• Aim of the exercise: The expected copy holds every entry exactly and none of the pictures.

• Excerpted data:

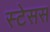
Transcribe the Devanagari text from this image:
स्टेसस
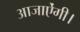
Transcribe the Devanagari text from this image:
आजाऐंगी।
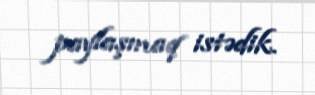
paylaşmaq istədik.
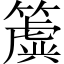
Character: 簴
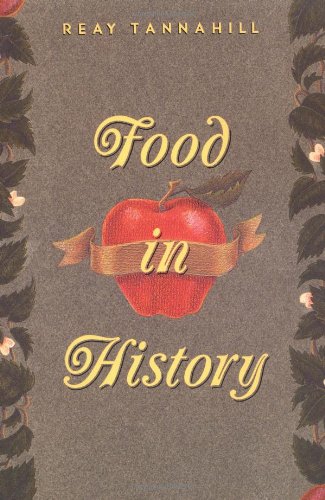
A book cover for Food in History; Reay Tannahill; Cookbooks, Food & Wine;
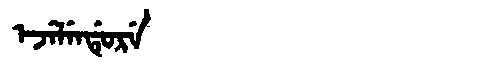
Manchu: ᡝᠵᡝᠯᡝᠨᡩᡠᡵᡝ
Romanization: EJELENDURE
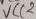
Text: VCC2
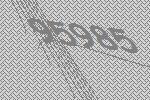
95985
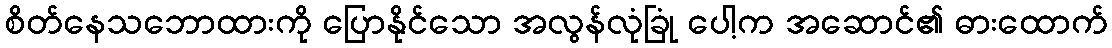
စိတ်နေသဘောထားကို ပြောနိုင်သော အလွန်လုံခြုံ ပေါ့က အဆောင်၏ ဓားထောက်
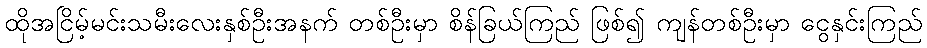
ထိုအငြိမ့်မင်းသမီးလေးနှစ်ဦးအနက် တစ်ဦးမှာ စိန်ခြယ်ကြည် ဖြစ်၍ ကျန်တစ်ဦးမှာ ငွေနှင်းကြည်
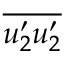
\overline { { u _ { 2 } ^ { \prime } u _ { 2 } ^ { \prime } } }
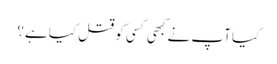
کیا آپ نے کبھی کسی کو قتل کیا ہے؟
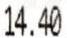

• Expected answer:
Transcribe the Devanagari text from this image:
स्टेसस
Transcribe the Devanagari text from this image:
आजाऐंगी।
paylaşmaq istədik.
Character: 簴
A book cover for Food in History; Reay Tannahill; Cookbooks, Food & Wine;
Manchu: ᡝᠵᡝᠯᡝᠨᡩᡠᡵᡝ
Romanization: EJELENDURE
Text: VCC2
95985
စိတ်နေသဘောထားကို ပြောနိုင်သော အလွန်လုံခြုံ ပေါ့က အဆောင်၏ ဓားထောက်
ထိုအငြိမ့်မင်းသမီးလေးနှစ်ဦးအနက် တစ်ဦးမှာ စိန်ခြယ်ကြည် ဖြစ်၍ ကျန်တစ်ဦးမှာ ငွေနှင်းကြည်
\overline { { u _ { 2 } ^ { \prime } u _ { 2 } ^ { \prime } } }
کیا آپ نے کبھی کسی کو قتل کیا ہے؟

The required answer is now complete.